Moreover, in a recent 2018 decision in Kanimozhi Karunanidhi, the Madras High Court considered another conflict between Free Speech under Article 19(1)(a) and Right of Privacy under Article 21 (Para 26). Although it did not cite Sahara, the High Court adopted a similar conflict-resolution strategy and passed an injunction order that only prohibited publication of ‘private information’ about the applicant’s life without her consent. But it was clarified that the injunction shall not extend to any information relating to the work of the applicant as a Member of Parliament or as a leader of the political party (Paras 43-44).

This must operate as a guideline for all Courts in future cases of similar conflict.

Conclusion- So isn’t Kaushal Kishor (Q1) An Unnecessary Academic Exercise?

As clarified above, the Supreme Court in Sahara has already declared “the law under Article 141 on balancing of Article 19(1)(a) rights vis-à-vis Article 21” (Paras 15, 42 & 45). Although, the decision was relating to contempt of court, I believe the Constitution Bench had sufficiently clarified the general principles that ought to apply in all cases of conflict between 19(1)(a) and Article 21 rights, notwithstanding the context. Therefore, the Supreme Court has already answered the first question framed in Kaushal Kishor in the positive, and the question is no more res integra.

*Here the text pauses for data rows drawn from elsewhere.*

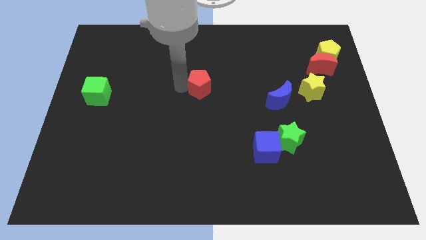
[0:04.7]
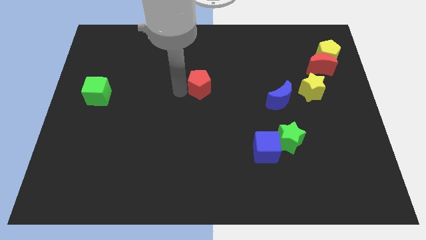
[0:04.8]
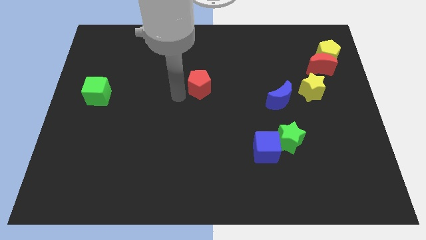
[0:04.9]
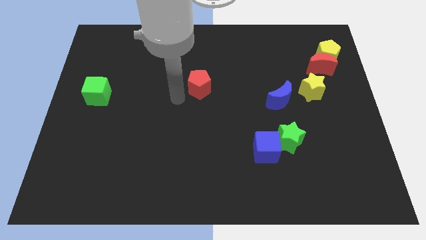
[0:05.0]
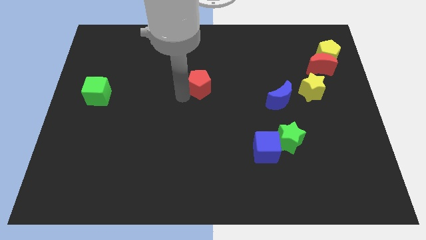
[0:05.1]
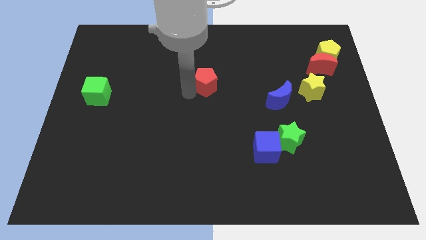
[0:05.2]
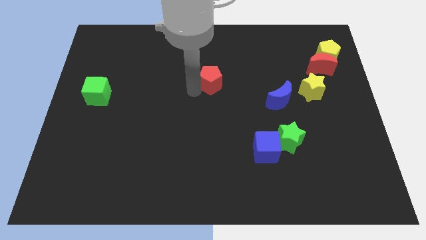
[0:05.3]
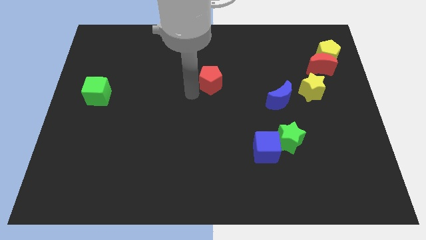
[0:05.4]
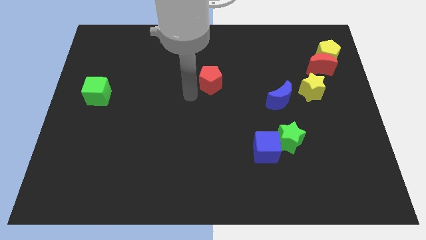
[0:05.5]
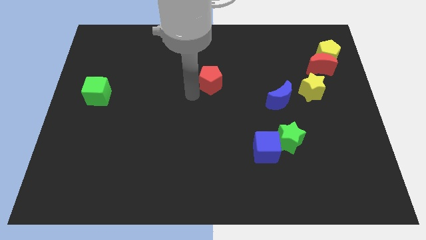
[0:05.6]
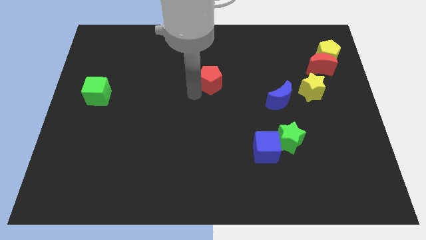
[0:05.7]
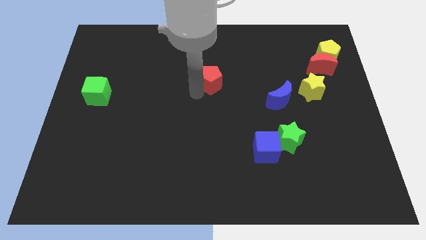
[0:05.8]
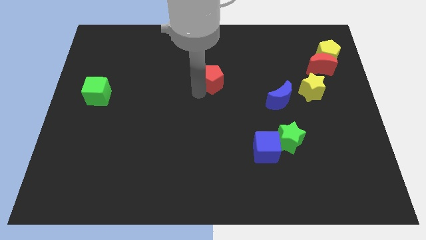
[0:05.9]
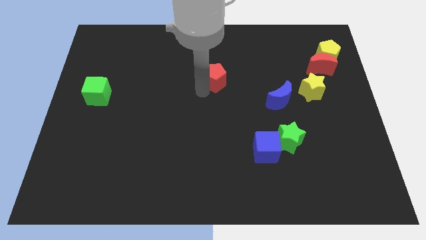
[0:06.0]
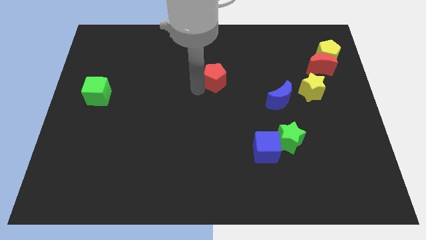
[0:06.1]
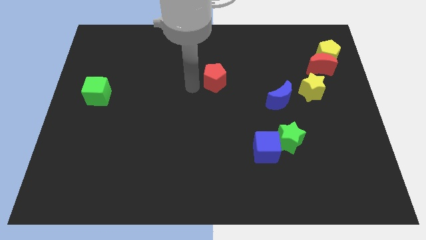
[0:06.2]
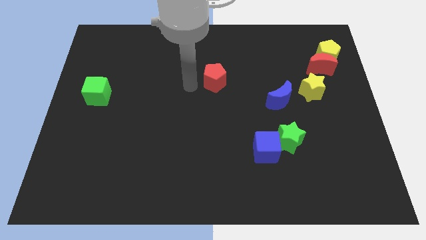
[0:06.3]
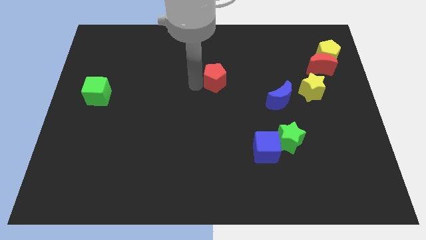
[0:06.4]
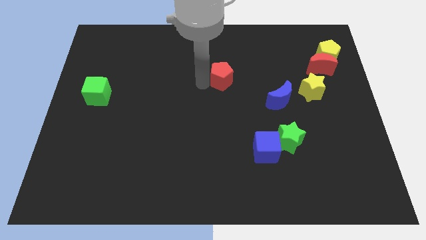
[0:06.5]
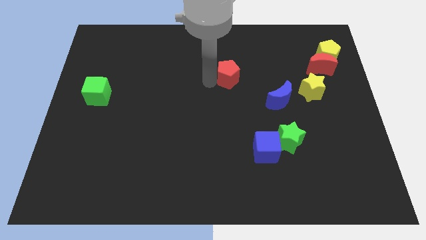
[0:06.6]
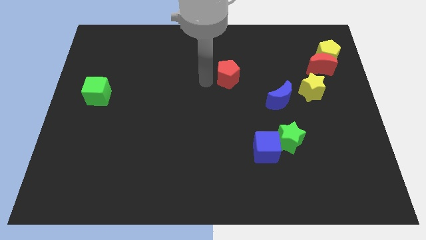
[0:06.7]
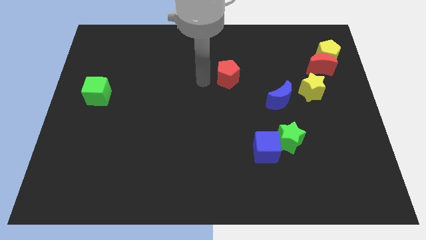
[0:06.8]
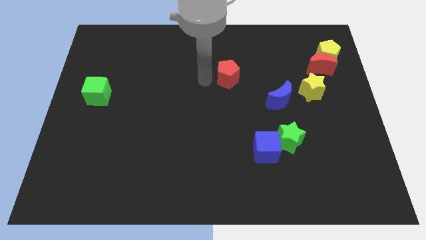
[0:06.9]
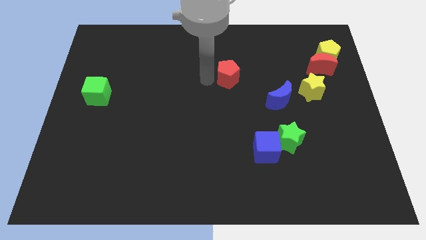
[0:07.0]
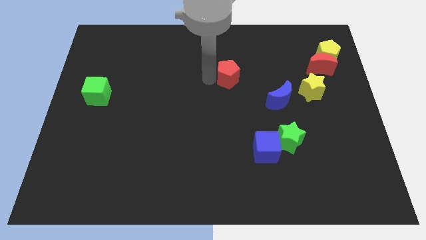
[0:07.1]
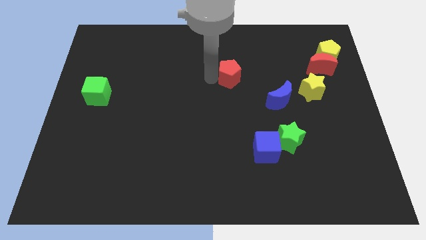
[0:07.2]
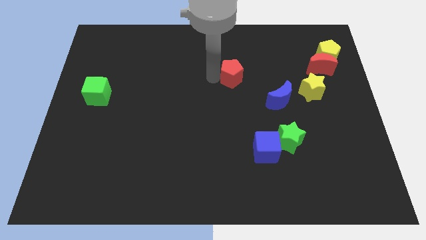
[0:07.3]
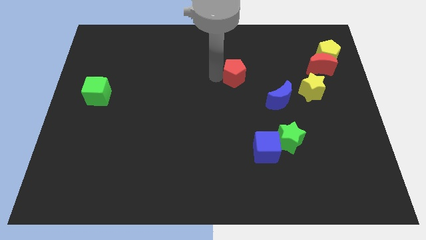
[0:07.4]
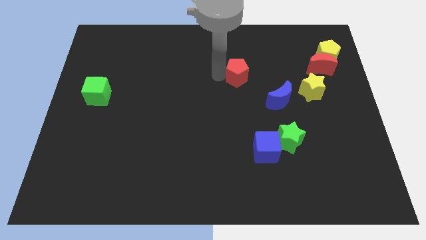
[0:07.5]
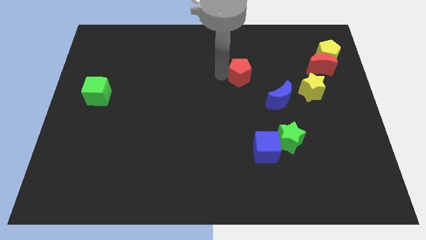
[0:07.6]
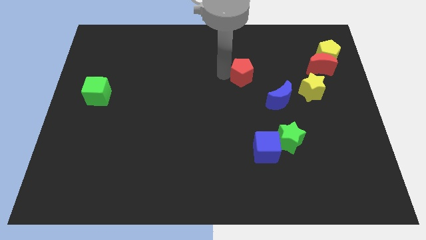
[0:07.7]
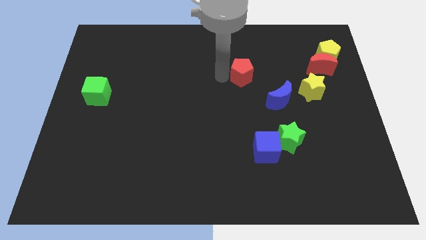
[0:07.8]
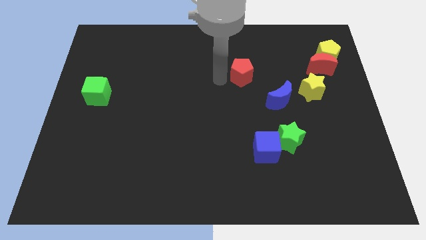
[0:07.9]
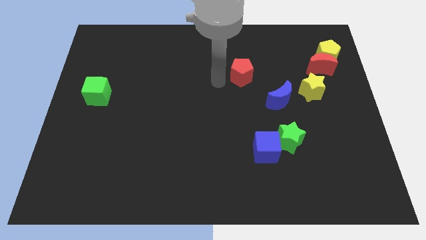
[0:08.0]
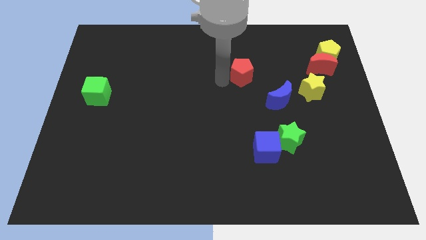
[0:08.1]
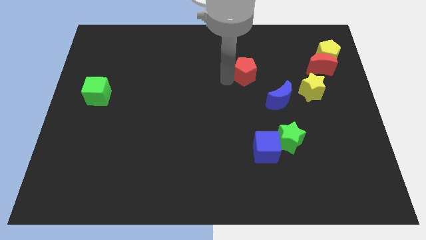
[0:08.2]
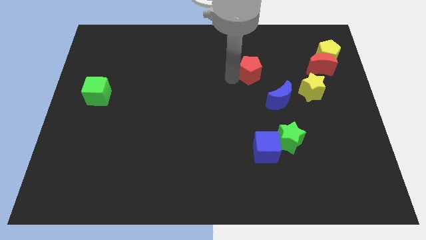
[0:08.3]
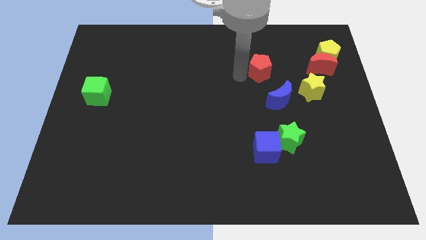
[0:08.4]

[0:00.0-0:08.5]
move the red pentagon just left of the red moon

According to a Constitution Bench decision in Central Board of Dawoodi Bohra (Para 12), though a bench of co-equal strength may express an opinion doubting the correctness of the view taken by an earlier bench of co-equal strength, but thereupon such a matter must be “placed for hearing before a bench consisting of a quorum larger than the one which pronounced the decision laying down the law the correctness of which is doubted.”

Accordingly, judicial discipline and propriety suggest that the five-judges bench in Kaushal Kishor must either uphold and reiterate the decision in Sahara; or refer the matter to a larger bench of seven-judges for reconsideration. They should not themselves deviate from or declare the decision in Sahara per incuriam, as clarified in Dawoodi Bohra.